10 (p. 108) beheld I once afraid the soldiers ... seeing themselves among so many foes: An army composed of men from Florence and Lucca attacked the fortress of Caprona near Pisa in August of 1289, only a brief time after the victory Dante’s Guelph faction won at Campaldino in June 1289. Dante was apparently present at both battles. At Caprona, the Pisans were given safe conduct through the besieging army’s lines, but Dante asks us to imagine what their fear must have been like while they marched between their enemies on either side of them with their arms drawn.
11 (p. 108) Scarmiglione: This is the first of the twelve devils who now make an appearance.
12 (p. 108) “Near is another crag that yields a path”: Malacoda is lying about this bridge, or “crag,” being intact, since all bridges but the one Virgil and the Pilgrim have already crossed are down, destroyed by the great earthquake that shook Hell after the death of Christ. Other such ruins caused by the same earthquake are to be found in cantos V and IX, but Dante does not discover this information until Virgil is so informed by Fra Catalano in canto XXIII: 133-138.
13 (pp. 108-109) “Yesterday, five hours later than this hour... that here the way was broken”: It is therefore 7:00 A.M. on the morning of Holy Saturday.
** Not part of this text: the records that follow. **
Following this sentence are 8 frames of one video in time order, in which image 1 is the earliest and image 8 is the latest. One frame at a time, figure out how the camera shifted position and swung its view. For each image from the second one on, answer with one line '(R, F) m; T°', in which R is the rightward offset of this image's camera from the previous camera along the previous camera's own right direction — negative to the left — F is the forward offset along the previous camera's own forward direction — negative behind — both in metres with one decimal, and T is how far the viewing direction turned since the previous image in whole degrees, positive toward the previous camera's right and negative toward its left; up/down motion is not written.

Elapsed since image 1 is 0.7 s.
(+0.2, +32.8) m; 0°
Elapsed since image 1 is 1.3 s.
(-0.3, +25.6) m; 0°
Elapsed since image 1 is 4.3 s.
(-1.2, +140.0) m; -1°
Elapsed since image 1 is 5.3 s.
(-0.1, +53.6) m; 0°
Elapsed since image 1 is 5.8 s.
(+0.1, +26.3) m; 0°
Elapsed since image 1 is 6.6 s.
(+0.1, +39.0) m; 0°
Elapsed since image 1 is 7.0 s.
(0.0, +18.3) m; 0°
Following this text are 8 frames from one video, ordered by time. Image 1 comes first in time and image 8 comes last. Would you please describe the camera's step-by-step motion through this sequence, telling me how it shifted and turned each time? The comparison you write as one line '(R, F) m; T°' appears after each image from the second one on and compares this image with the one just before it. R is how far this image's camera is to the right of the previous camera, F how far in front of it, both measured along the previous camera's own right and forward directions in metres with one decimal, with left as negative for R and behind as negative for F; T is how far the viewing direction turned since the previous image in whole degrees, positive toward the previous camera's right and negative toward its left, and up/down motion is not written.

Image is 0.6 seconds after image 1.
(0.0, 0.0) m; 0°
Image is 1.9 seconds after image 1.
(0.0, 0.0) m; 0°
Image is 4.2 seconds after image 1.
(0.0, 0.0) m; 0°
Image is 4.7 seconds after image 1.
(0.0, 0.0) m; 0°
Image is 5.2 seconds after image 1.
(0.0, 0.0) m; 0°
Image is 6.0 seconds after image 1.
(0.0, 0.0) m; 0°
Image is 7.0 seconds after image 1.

14 (p. 109) “some of mine... and mad Rubicante”: Malacoda calls ten of the Malebranche devils, some of whose names seem to underline bestial qualities. Barbariccia may be translated roughly as “Curley Beard,” Graffiacane may be rendered literally as “Scratch Dog,” and Draghignazzo may mean “Evil Dragon.” But other names seem only to be intended to sound amusing when pronounced. Needless to say, Malacoda’s statement that the devils “will not be vicious” is another lie.